* _Supplied records_:
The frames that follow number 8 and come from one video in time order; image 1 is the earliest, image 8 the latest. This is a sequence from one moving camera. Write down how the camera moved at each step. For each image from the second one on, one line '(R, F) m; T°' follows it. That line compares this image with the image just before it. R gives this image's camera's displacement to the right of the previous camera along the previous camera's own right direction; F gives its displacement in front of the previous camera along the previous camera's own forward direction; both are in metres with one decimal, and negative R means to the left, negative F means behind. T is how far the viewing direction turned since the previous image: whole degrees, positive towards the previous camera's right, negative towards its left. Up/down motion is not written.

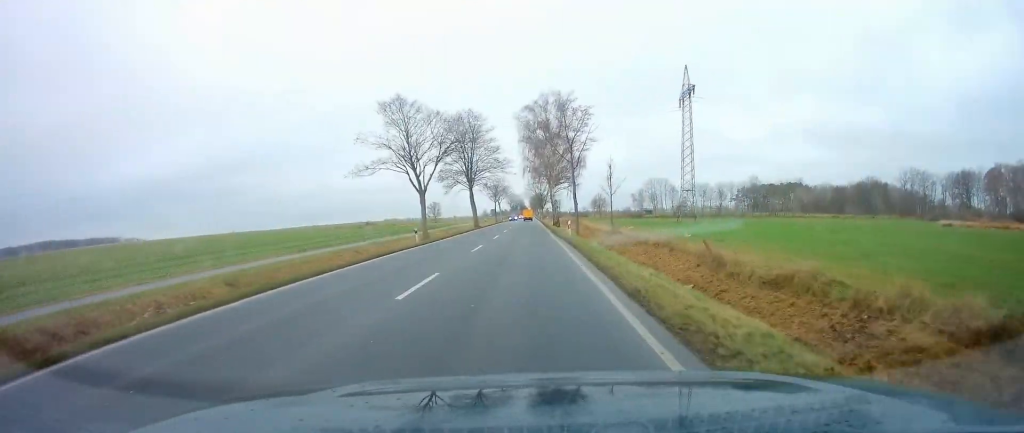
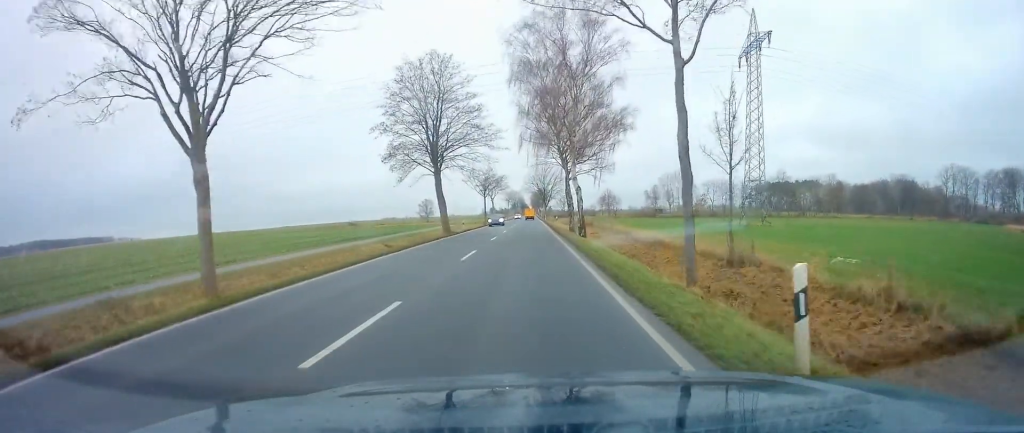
(+0.1, +28.0) m; 0°
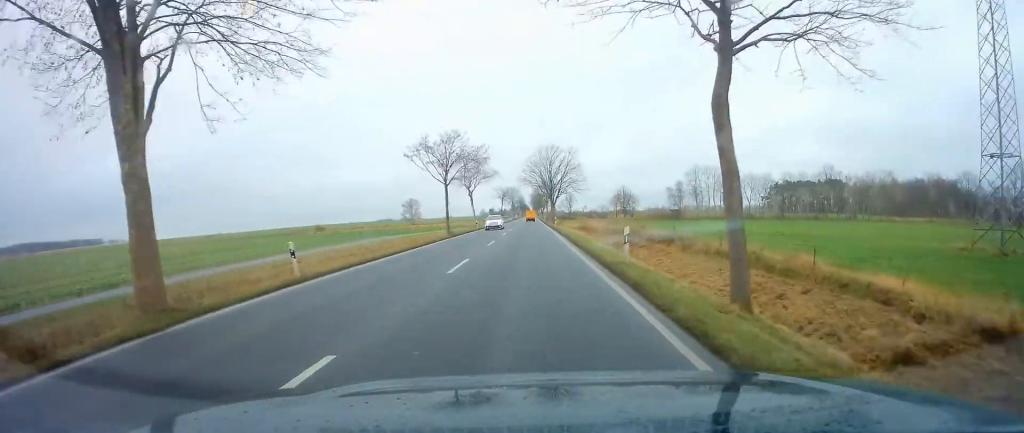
(0.0, +39.6) m; 0°
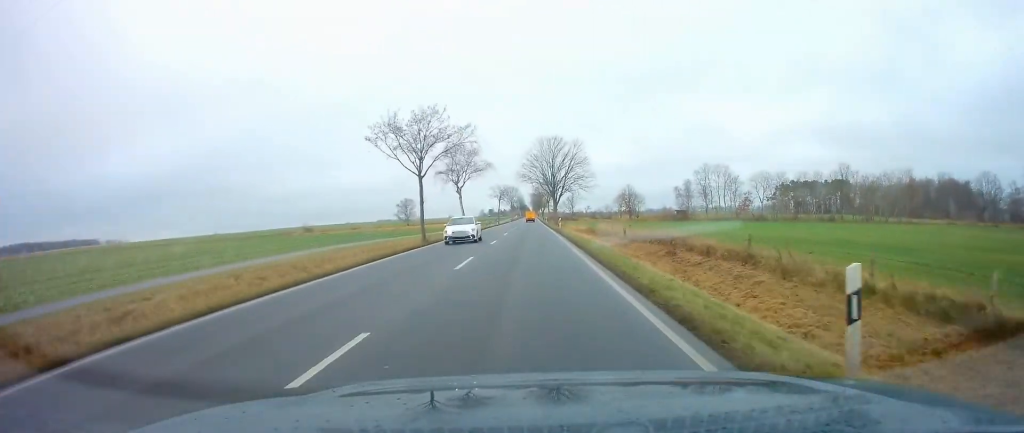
(0.0, +10.8) m; 0°
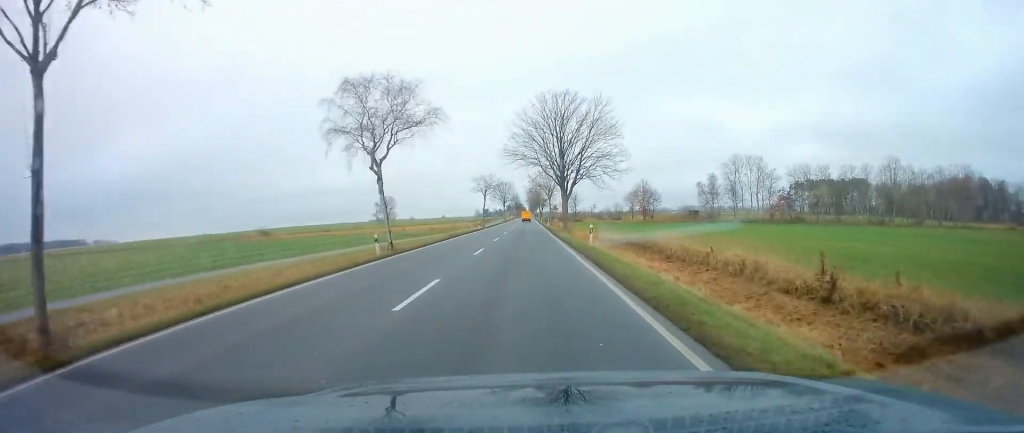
(0.0, +30.0) m; 0°
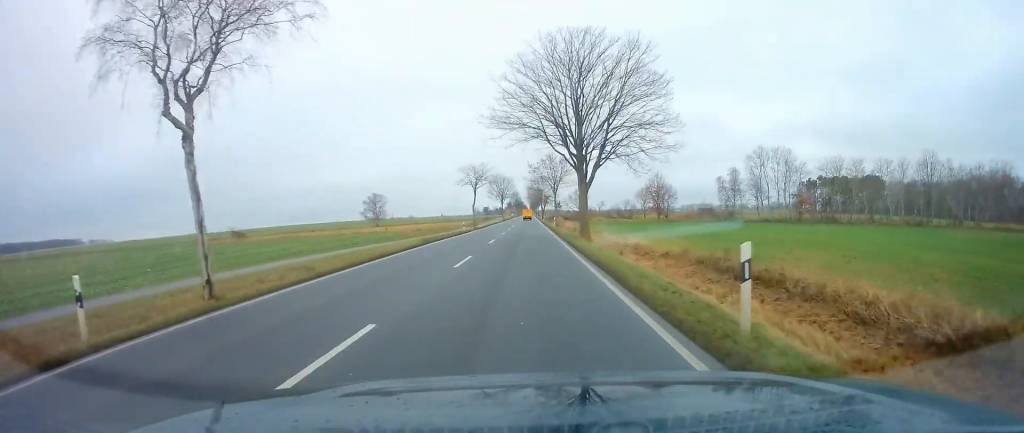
(0.0, +17.2) m; 0°
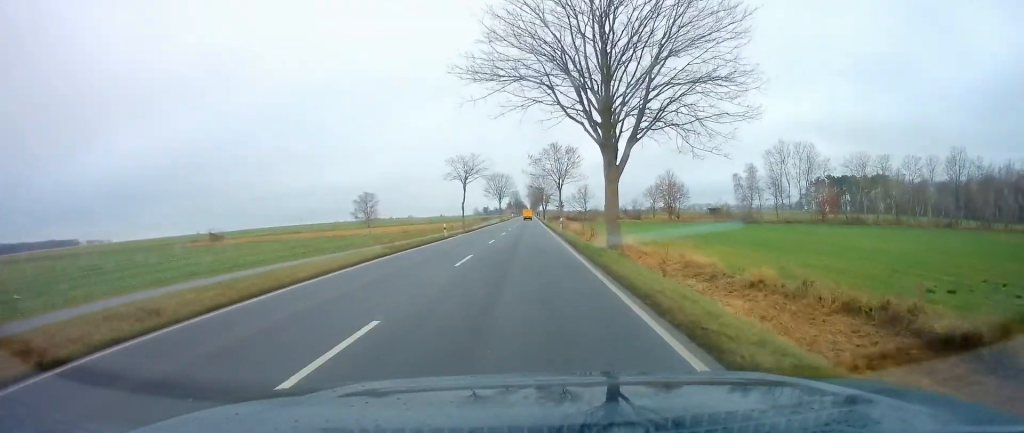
(0.0, +11.9) m; 0°
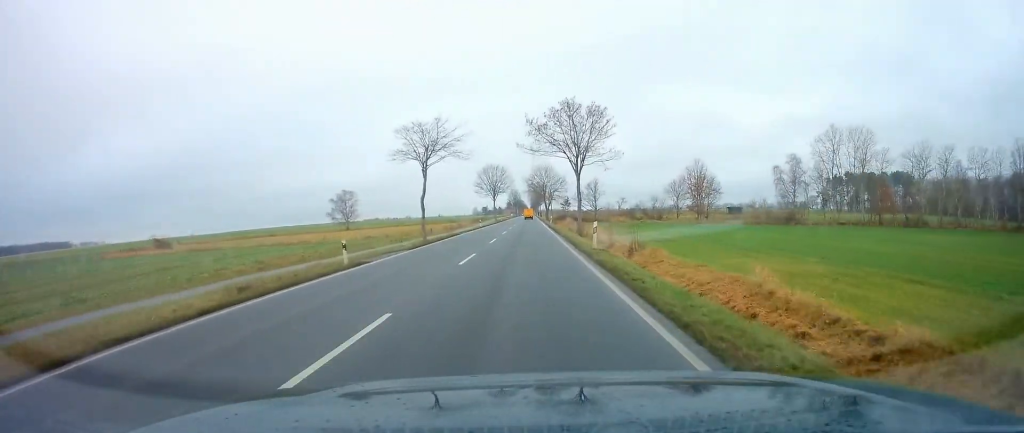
(0.0, +23.6) m; 0°
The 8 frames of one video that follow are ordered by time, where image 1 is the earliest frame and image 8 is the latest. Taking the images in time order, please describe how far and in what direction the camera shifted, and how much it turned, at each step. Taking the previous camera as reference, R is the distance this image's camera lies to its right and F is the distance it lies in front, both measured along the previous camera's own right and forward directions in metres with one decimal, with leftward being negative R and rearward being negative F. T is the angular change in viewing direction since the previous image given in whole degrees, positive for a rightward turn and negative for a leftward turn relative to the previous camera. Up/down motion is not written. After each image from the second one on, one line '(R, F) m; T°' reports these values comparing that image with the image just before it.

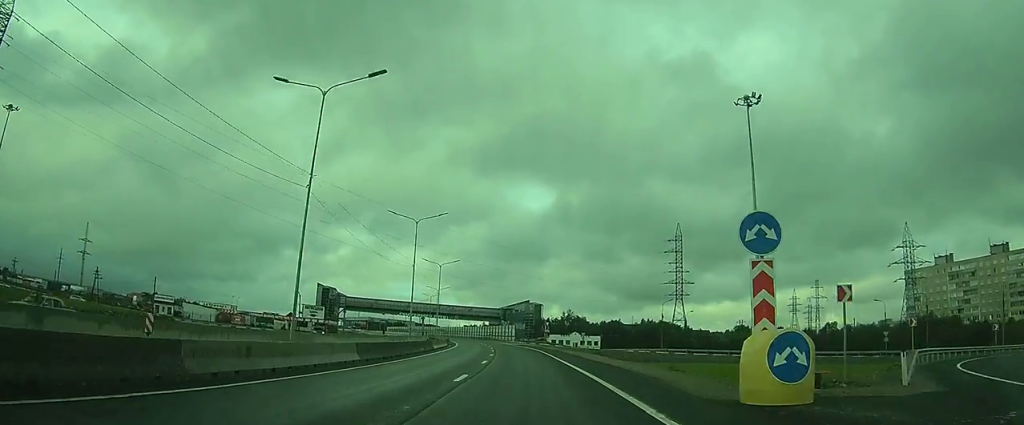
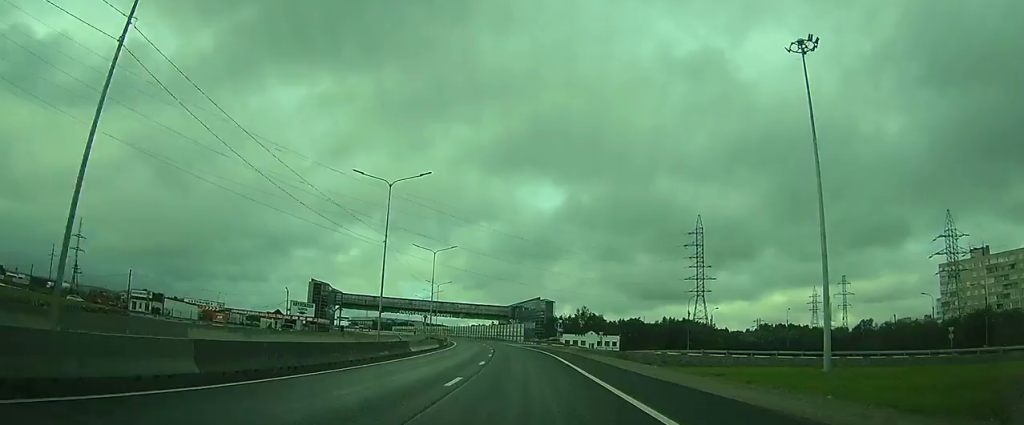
(-0.3, +14.1) m; -1°
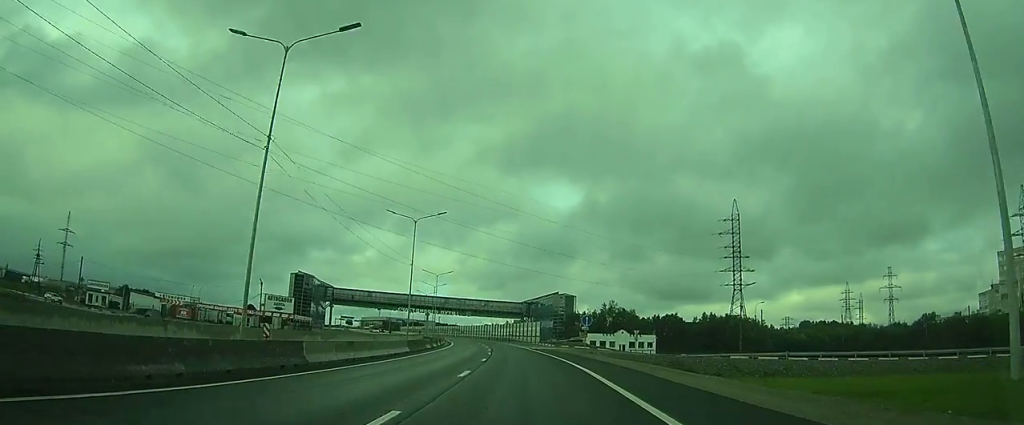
(0.0, +21.3) m; 0°
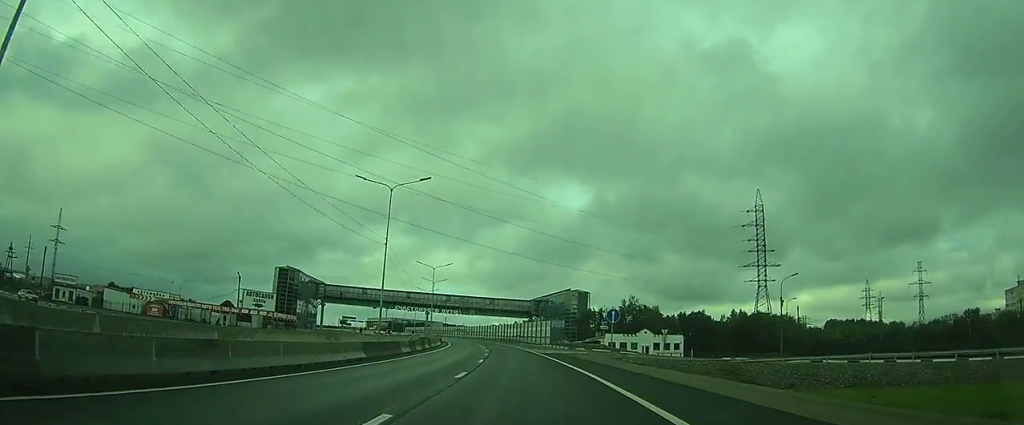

* _Exercise goal_:
The final stretch of the data, from the line with "The 8 frames" through its last line, is to be retyped exactly; pictures are not part of the copy.

* _Answer section_:
The 8 frames of one video that follow are ordered by time, where image 1 is the earliest frame and image 8 is the latest. Taking the images in time order, please describe how far and in what direction the camera shifted, and how much it turned, at each step. Taking the previous camera as reference, R is the distance this image's camera lies to its right and F is the distance it lies in front, both measured along the previous camera's own right and forward directions in metres with one decimal, with leftward being negative R and rearward being negative F. T is the angular change in viewing direction since the previous image given in whole degrees, positive for a rightward turn and negative for a leftward turn relative to the previous camera. Up/down motion is not written. After each image from the second one on, one line '(R, F) m; T°' reports these values comparing that image with the image just before it.

(-0.3, +14.1) m; -1°
(0.0, +21.3) m; 0°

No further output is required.